Certain allegations of negligence were directed at the crew in charge of the train ahead, but the cause was sub *79 mitted to the jury wholly on the question of the comparative negligence of the deceased and that of his fellow servant, the fireman, as alleged in the respective pleadings of the parties. In this respect the plaintiff charged that the fireman was negligent in not maintaining a proper lookout, and in not warning the deceased of the presence of the train ahead, while defendant charged that the accident was the proximate result of deceased’s own negligence in not obeying certain specific rules directly applicable in the particular case.

Judgment for $3,750 was rendered on the verdict for plaintiff, and defendant appeals, charging error in the trial court’s refusal to direct a verdict.

In actions of this general character the employee cannot recover if his injury is attributable wholly to his own act, but recovery is not barred by his contributory negligence. If the injury results in whole or in part from the negligence of another of the defendant’s employees, the defendant is liable under the express terms of the act. The act not only abolished the fellow-servant rule, but provides that the contributory negligence of the injured employee “shall not bar a recovery, but the damages shall be diminished by the jury in proportion to the amount of negligence attributable to such employee.” Illinois Central Ry. Co. v. Skaggs, 240 U. S. 66, 36 S. Ct. 249, 60 L. Ed. 528. The inquiry, then, in the ordinary case is whether there was neglect on the part of the employer, and if the injury resulted in whole or in part from the negligence of another of its employees, the defendant is liable. Id.

Plaintiff concedes no act of negligence on the part of her intestate, but takes the position that the verdict is fully supported by the evidence of negligence on the part of the fireman, and is unassailable in view of the instructions whereby the question of the negligence of both the deceased and the fireman was left to the jury under the statute and general rule stated above.

On the other hand, the defendant says that due to the particular facts and circumstances of this case, it does not fall within the scope of the act permitting recovery for the negligence of a fellow employee notwithstanding the contributory negligence of the injured party.
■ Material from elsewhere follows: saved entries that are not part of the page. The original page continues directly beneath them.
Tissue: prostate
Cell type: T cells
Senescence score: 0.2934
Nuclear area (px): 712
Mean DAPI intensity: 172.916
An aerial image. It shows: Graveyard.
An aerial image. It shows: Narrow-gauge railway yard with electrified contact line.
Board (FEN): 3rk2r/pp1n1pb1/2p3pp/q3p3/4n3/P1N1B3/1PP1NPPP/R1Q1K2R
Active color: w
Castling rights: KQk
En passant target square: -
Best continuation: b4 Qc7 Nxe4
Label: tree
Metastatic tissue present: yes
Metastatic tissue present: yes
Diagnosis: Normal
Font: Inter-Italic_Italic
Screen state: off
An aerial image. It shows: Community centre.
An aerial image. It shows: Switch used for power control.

It is contended that the • act of the deceased in violating a specific rule of the defendant company with reference to the mode of operation of the engine while within the yard limits constituted negligence and the sole and proximate cause of the accident, and sufficient to defeat the action; that under the evidence the question was one of law and should not have been submitted to the jury. Davis v. Kennedy, 266 U. S. 147, 45 S. Ct. 33, 69 L. Ed. 212. The company rule in question reads as follows:

“Yard limits will be indicated by ‘yard limit’ boards. Within yard limits the main track or tracks may be used, protecting against first-class ■ trains. Second and inferior class and extra trains must move within yard limits prepared to stop unless the main track is seen or known to be clear.”

It is admitted for the purpose of this appeal that the deceased engineer was operating under the above rule at the time of the accident. After entering the yards at Winfield his duty at all times was to drive his engine in such a manner as to be prepared to stop unless he knew or could see that the main track was clear.
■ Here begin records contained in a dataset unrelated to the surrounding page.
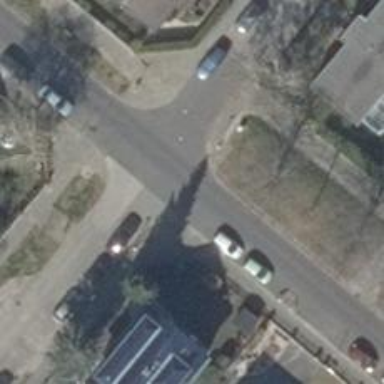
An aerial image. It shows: Unmarked crossing on the road.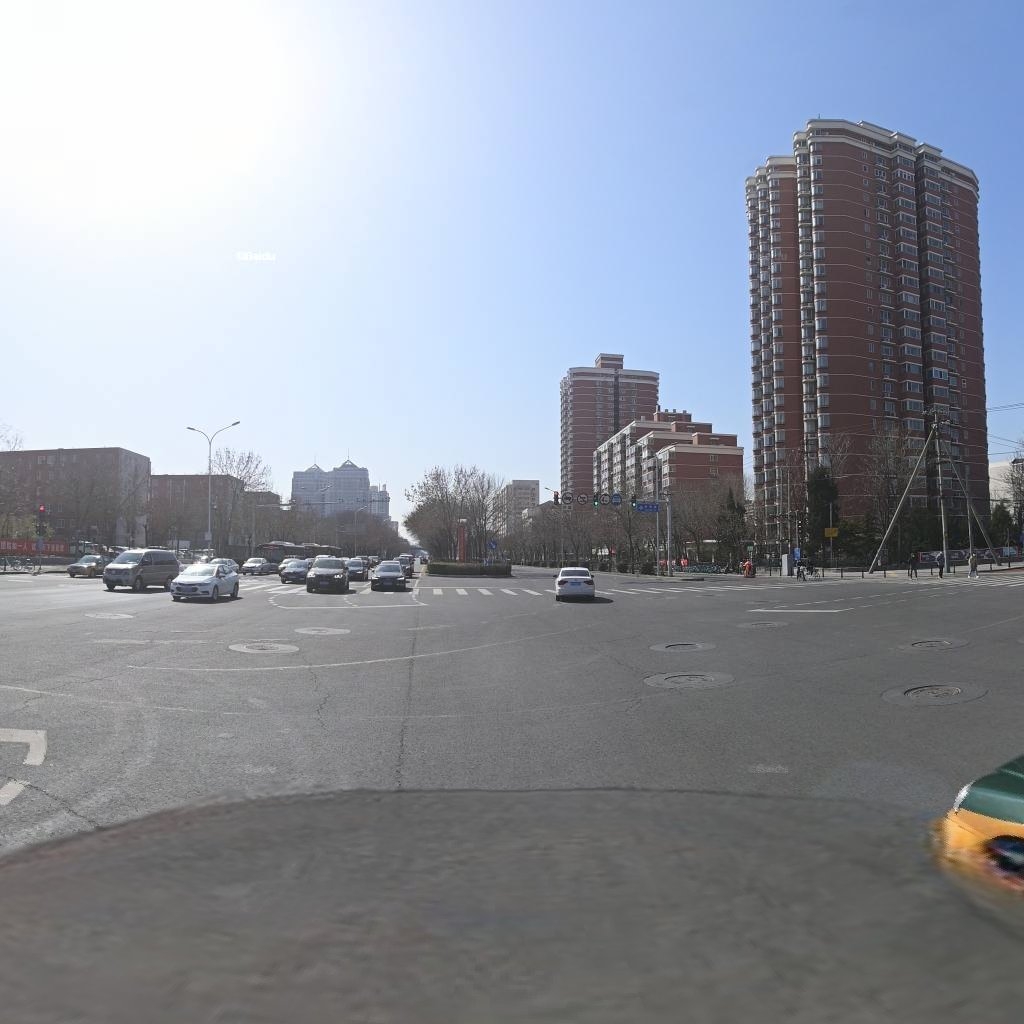
Region: Haidian
Road damage annotations: longitudinal crack, longitudinal crack, transverse crack, manhole cover, manhole cover, manhole cover, manhole cover, manhole cover, manhole cover, manhole cover, transverse patch, transverse patch, manhole cover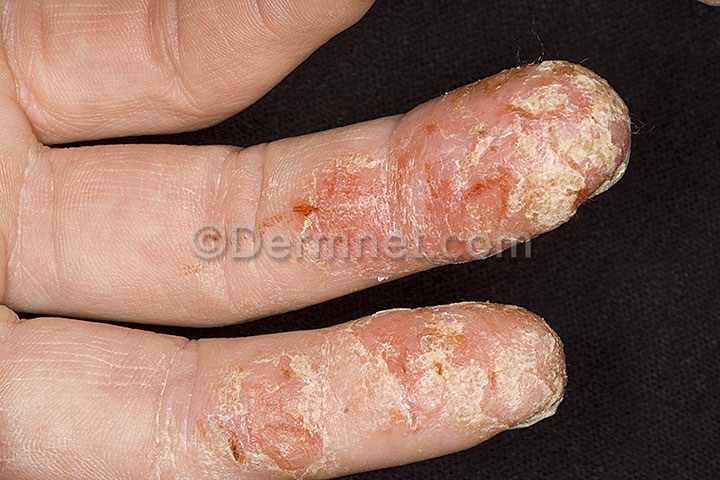
Disease: Eczema Photos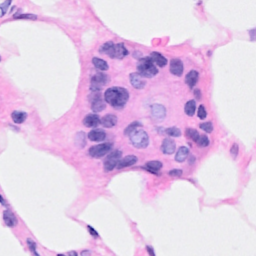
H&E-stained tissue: Breast
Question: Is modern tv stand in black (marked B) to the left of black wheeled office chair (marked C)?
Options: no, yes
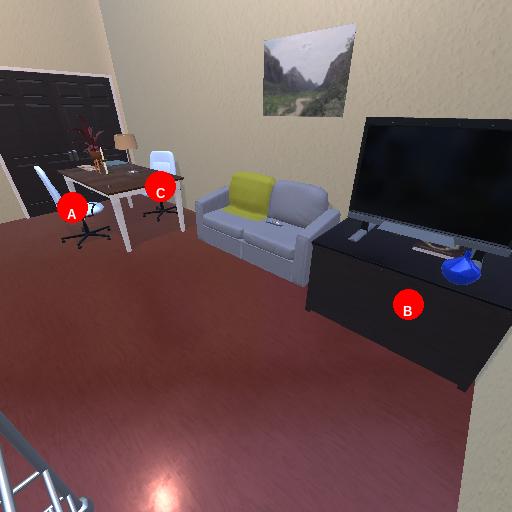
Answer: no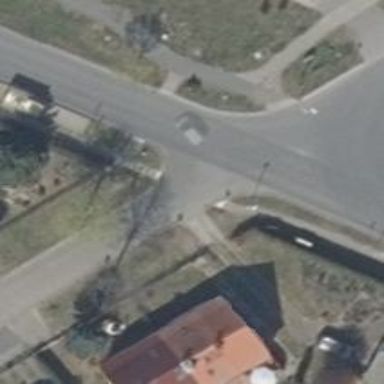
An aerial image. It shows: Residential road.
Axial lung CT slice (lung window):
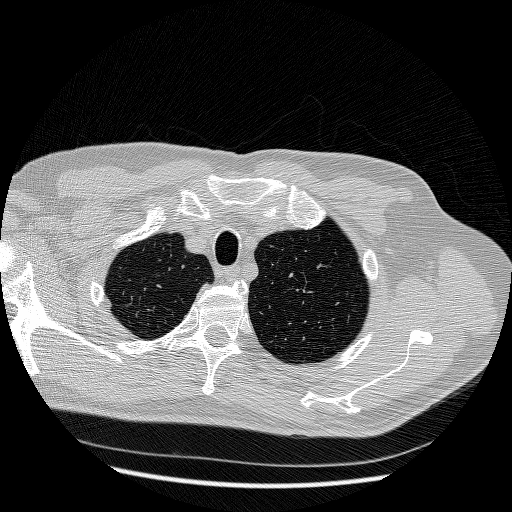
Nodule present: no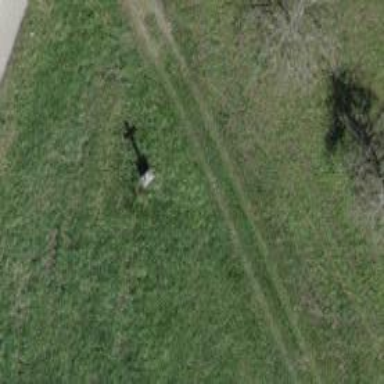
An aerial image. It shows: Wayside cross with historic significance.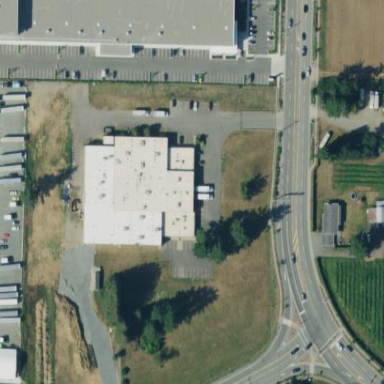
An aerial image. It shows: Industrial building.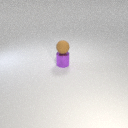
small brown rubber sphere above small purple metal cylinder
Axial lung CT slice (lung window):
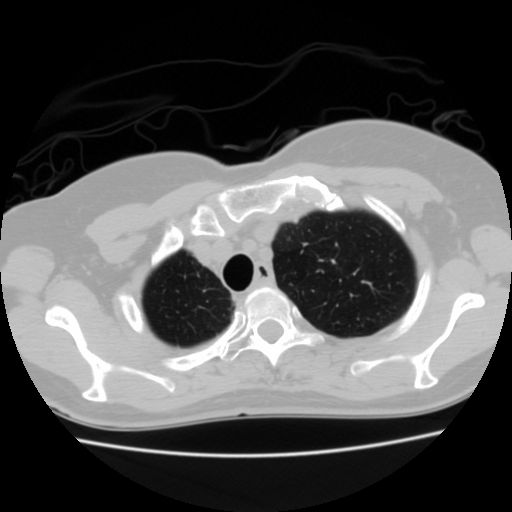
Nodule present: no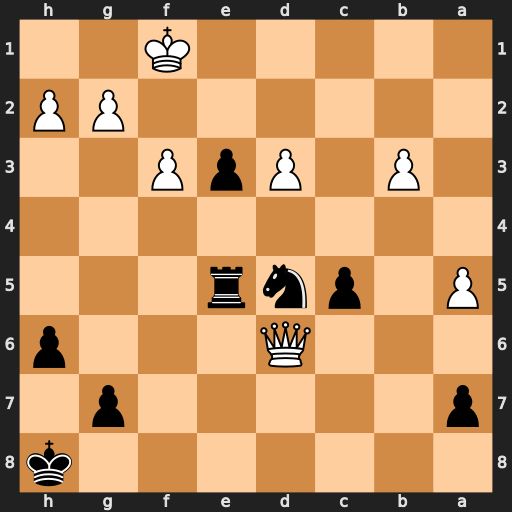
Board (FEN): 7k/p5p1/3Q3p/P1pnr3/8/1P1PpP2/6PP/5K2
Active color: b
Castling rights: -
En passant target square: -
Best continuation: e2+ Ke1 Nb4 Qxe5 Nxd3+ Kxe2 Nxe5

In agreement with the statute, above, and the federal decisions, by which we are bound, the inquiry here is whether the evidence showed negligence of such character on the part of the fireman that the injury may be said to have resulted “in whole or in part” therefrom.
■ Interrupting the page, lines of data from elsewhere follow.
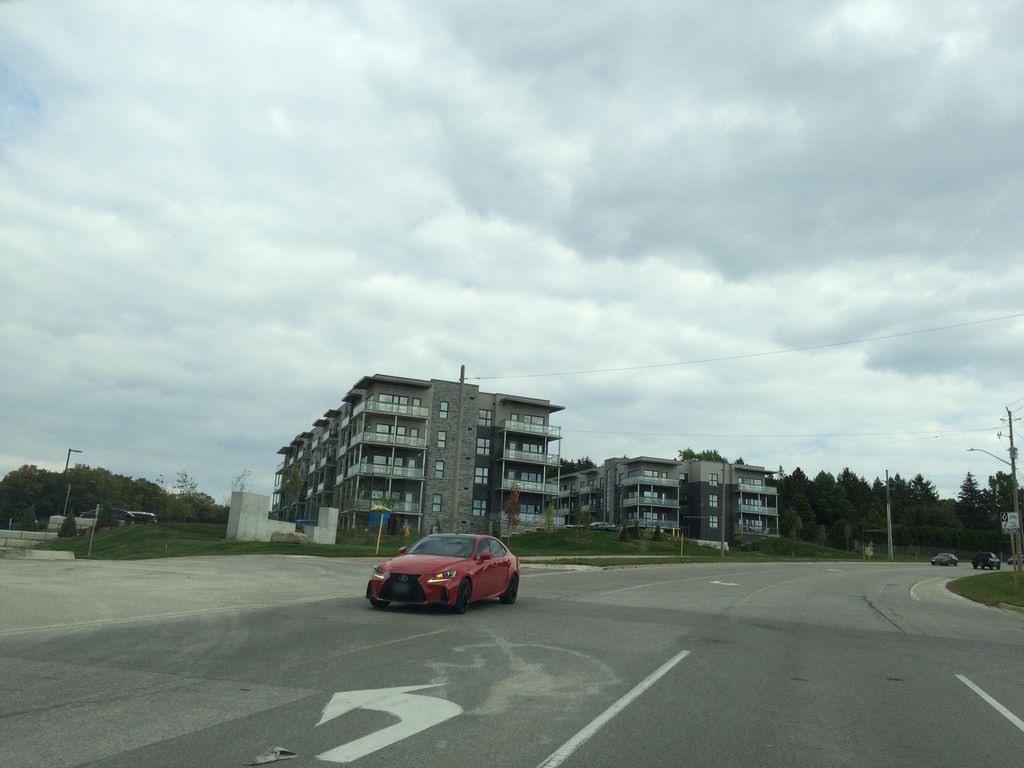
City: kitchener-waterloo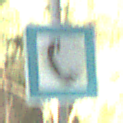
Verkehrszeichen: Fernsprecher
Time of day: MorningAfternoon
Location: Outdoor (Nature)
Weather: Clear
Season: NotSpecified
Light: Natural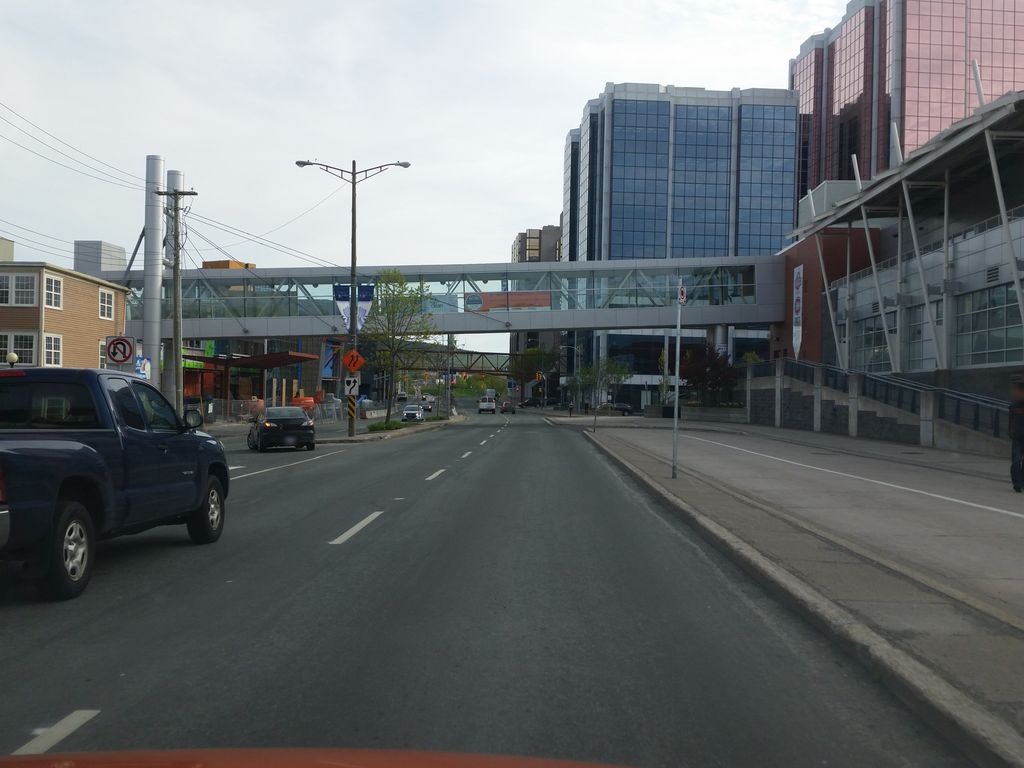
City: st_johns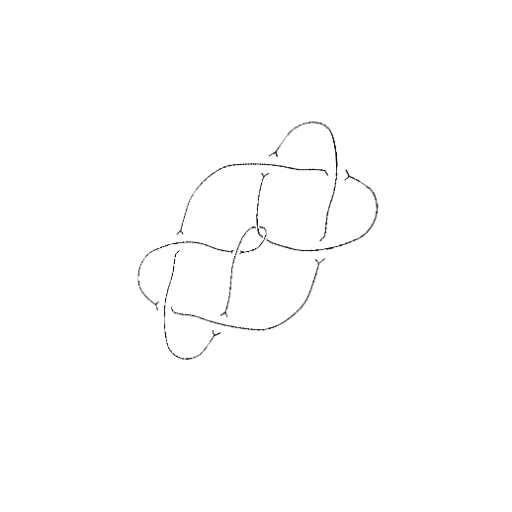
Crossing number: 9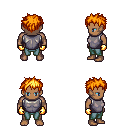
a pixel art fantasy rpg character, male body template, human, dark skin, steel chest armor, teal pants, light blonde bedhead hairstyle, gold gloves, four views (front, back, left, right), 2x2 character sprite sheet, small pixel art, hard edges, no anti-aliasing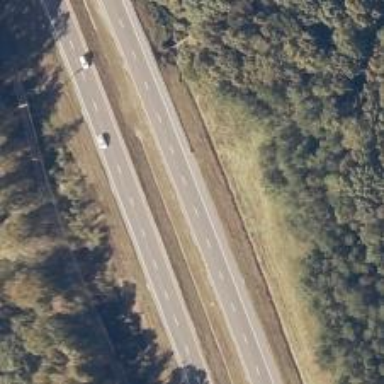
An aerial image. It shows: Trunk highway.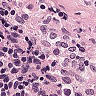
Metastatic tissue present: no

On the day of the accident the train on which the deceased was engineer entered the yards at Winfield on the main line from the south. The track at that point forms an S curve, making it impossible for the engineer and fireman to see any considerable distance ahead at any given time. It is readily *80 seen that the view of the two men was alternately restricted as the train proceeded along the track. It was charged and proved that the fireman failed to keep a constant lookout ahead, and did not see the train standing on the main line until too late to permit a stop. The verdict is based upon this alleged negligence.

In view of the decisions of the Supreme Court of the United States and many of the different Circuit Courts of Appeals, we must hold that the accident did not result in whole or in part from the acts of the fireman as aforesaid within the meaning of the statute.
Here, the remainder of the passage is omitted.